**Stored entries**
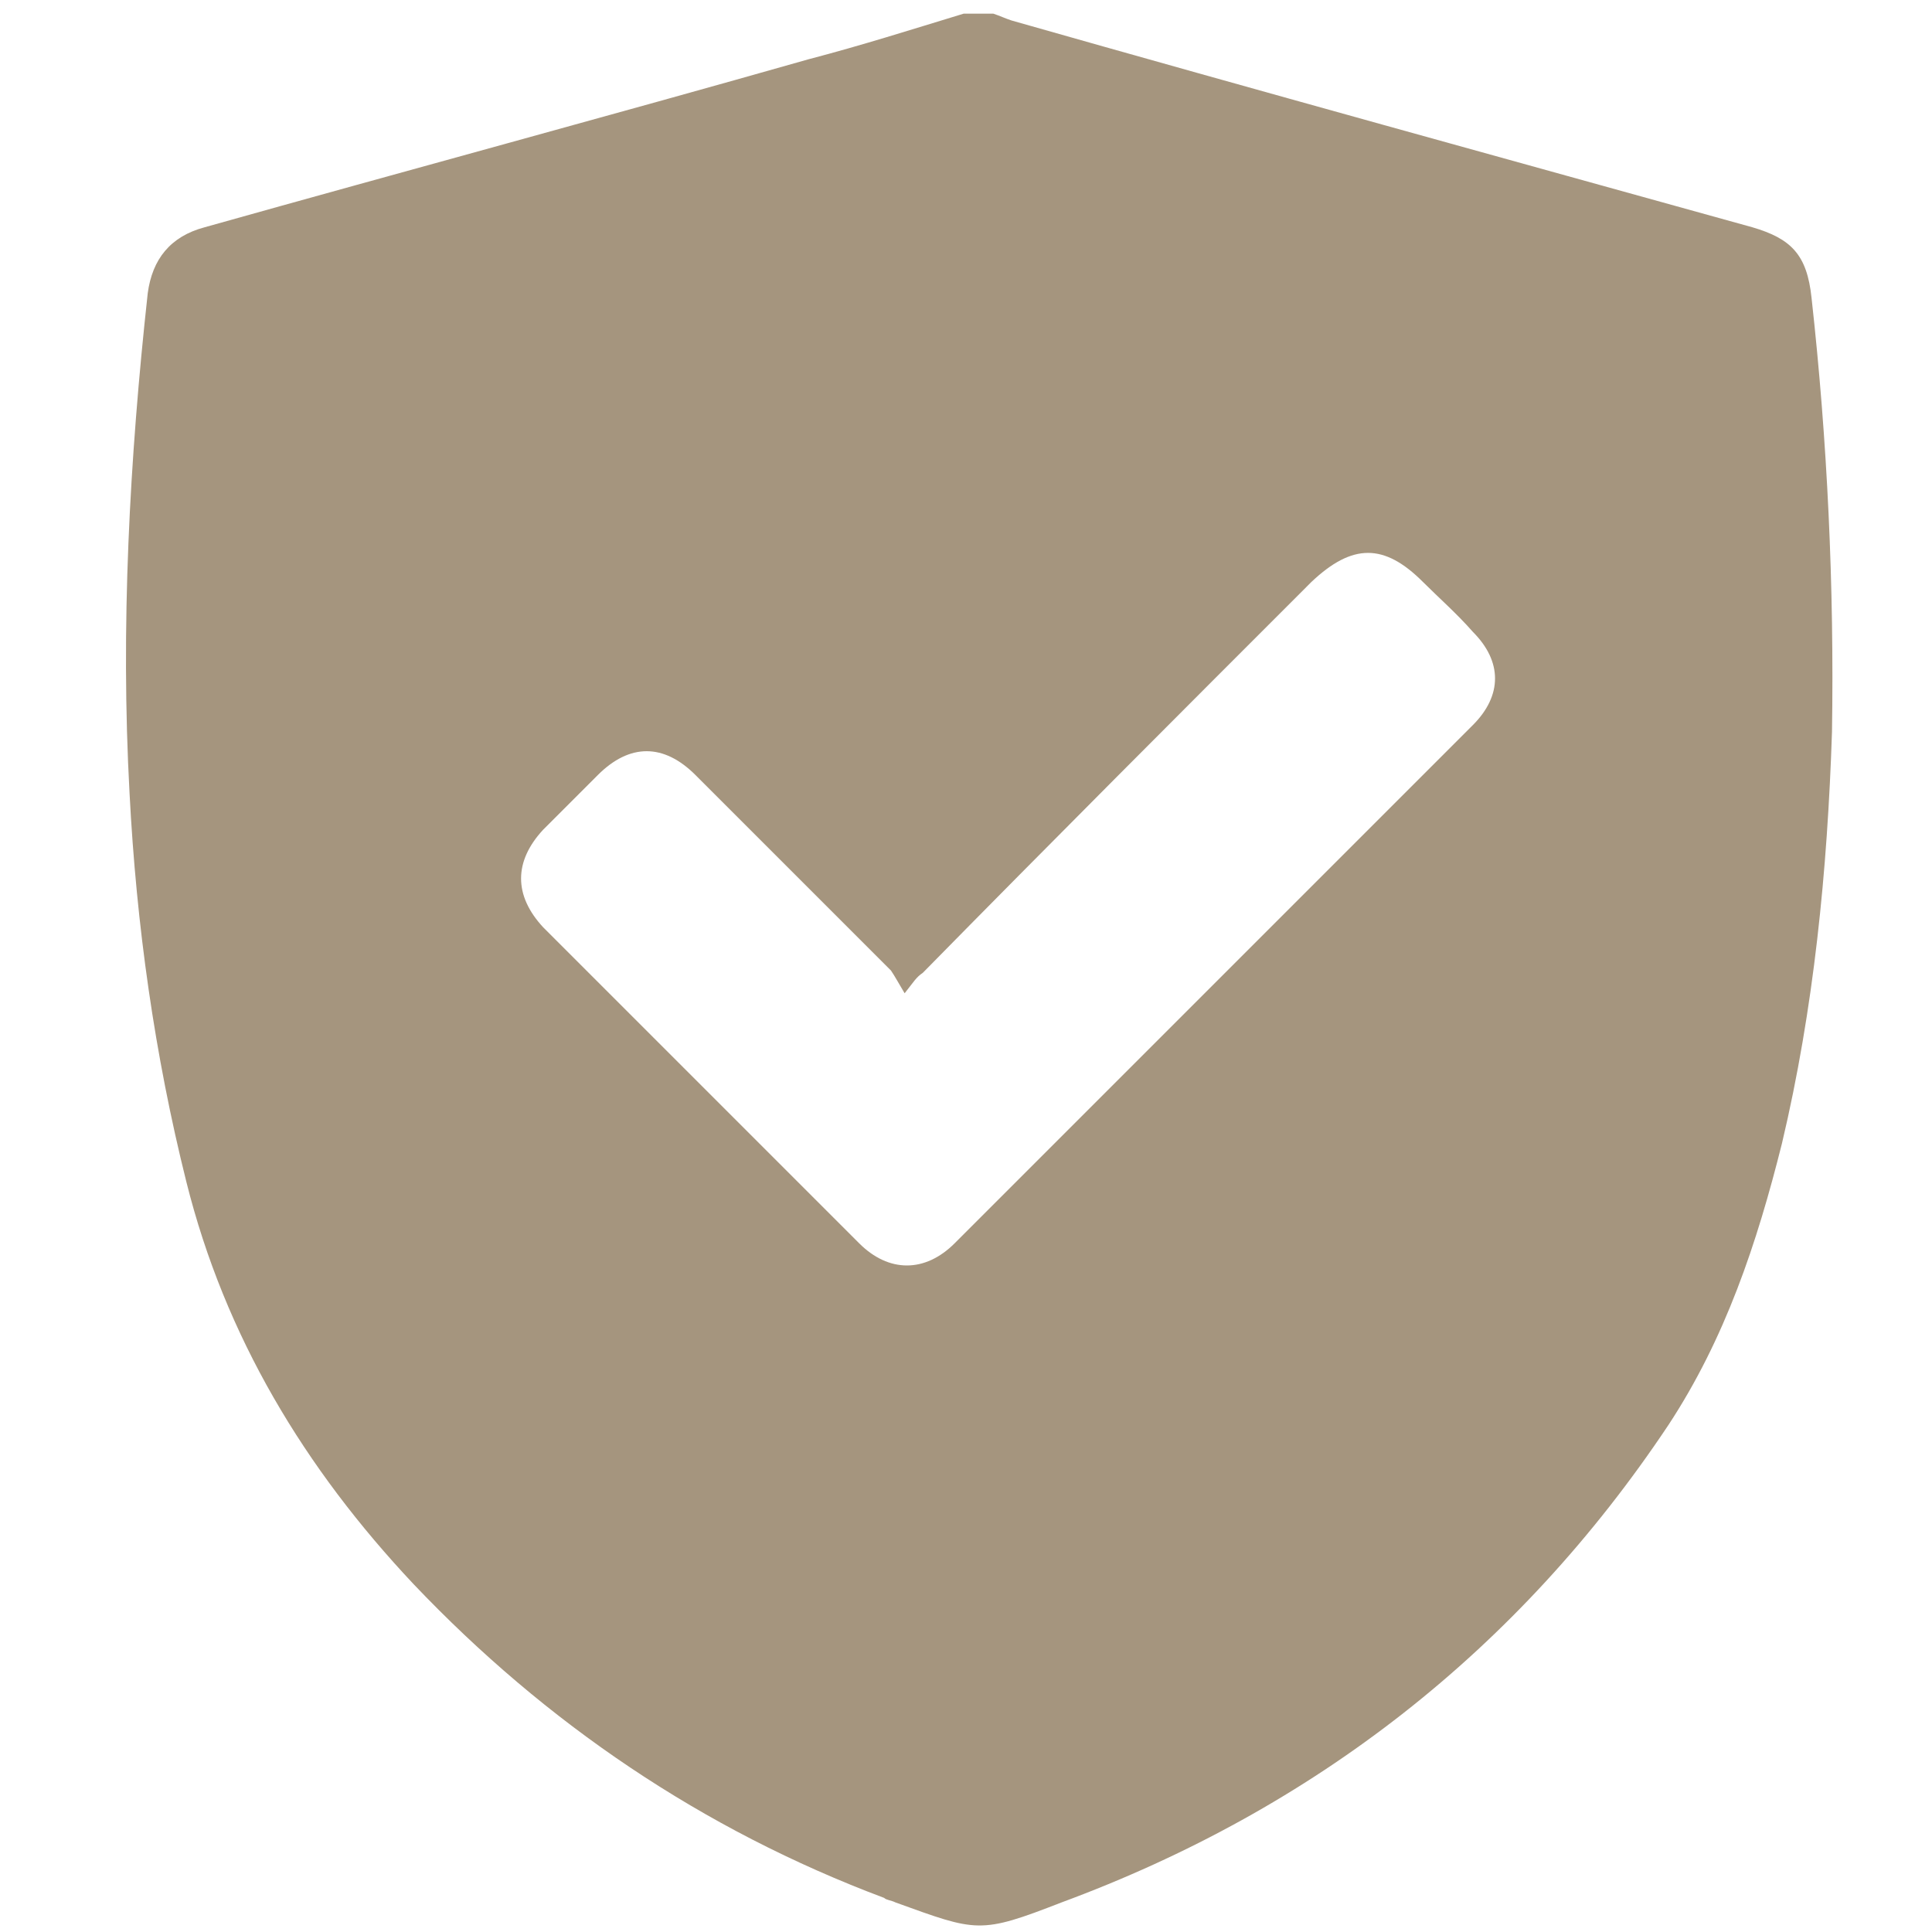 <?xml version="1.0" encoding="utf-8"?>
<!-- Generator: Adobe Illustrator 24.0.2, SVG Export Plug-In . SVG Version: 6.00 Build 0)  -->
<svg version="1.1" id="Layer_1" xmlns="http://www.w3.org/2000/svg" xmlns:xlink="http://www.w3.org/1999/xlink" x="0px" y="0px"
	 viewBox="0 0 85 85" style="enable-background:new 0 0 85 85;" xml:space="preserve">
<style type="text/css">
	.st0{fill:#A5957E;}
</style>
<path class="st0" d="M42.4,0.6c0.4,0,0.9,0,1.3,0c0.3,0.1,0.5,0.2,0.8,0.3C55.4,4,66.3,7,77.1,10c1.7,0.5,2.4,1.2,2.6,3.1
	c0.7,6.3,1,12.7,0.9,19.1c-0.2,6.1-0.8,12.2-2.2,18.1c-1.1,4.4-2.5,8.6-5,12.4c-6.6,9.9-15.6,16.9-26.7,21c-3.6,1.4-3.7,1.3-7.3,0
	c-0.2-0.1-0.4-0.1-0.5-0.2c-8-3-14.9-7.7-20.7-13.8c-4.8-5.1-8.3-10.9-10-17.7c-1.4-5.6-2.2-11.3-2.5-17.1c-0.4-7.3,0-14.7,0.8-22
	c0.2-1.5,1-2.5,2.5-2.9c8.9-2.5,17.8-4.9,26.6-7.4C37.9,2,40.1,1.3,42.4,0.6z M39.8,43.7c-0.3-0.5-0.4-0.7-0.6-1
	c-2.9-2.9-5.7-5.7-8.6-8.6c-1.4-1.4-2.9-1.4-4.3,0c-0.8,0.8-1.6,1.6-2.4,2.4c-1.3,1.4-1.3,2.9,0,4.3c4.6,4.6,9.3,9.3,13.9,13.9
	c1.3,1.3,2.9,1.3,4.2,0c7.6-7.6,15.2-15.2,22.8-22.8c1.3-1.3,1.3-2.8,0-4.1c-0.7-0.8-1.5-1.5-2.2-2.2c-1.7-1.7-3.1-1.7-4.9,0
	C52,31.3,46.3,37,40.6,42.8C40.3,43,40.2,43.2,39.8,43.7z"/>
</svg>

**WHAT NEEDS TO BE DONE**
The answer must be every line of the entries that includes the word "style".

**WRITTEN RESPONSE**
	 viewBox="0 0 85 85" style="enable-background:new 0 0 85 85;" xml:space="preserve">
<style type="text/css">
</style>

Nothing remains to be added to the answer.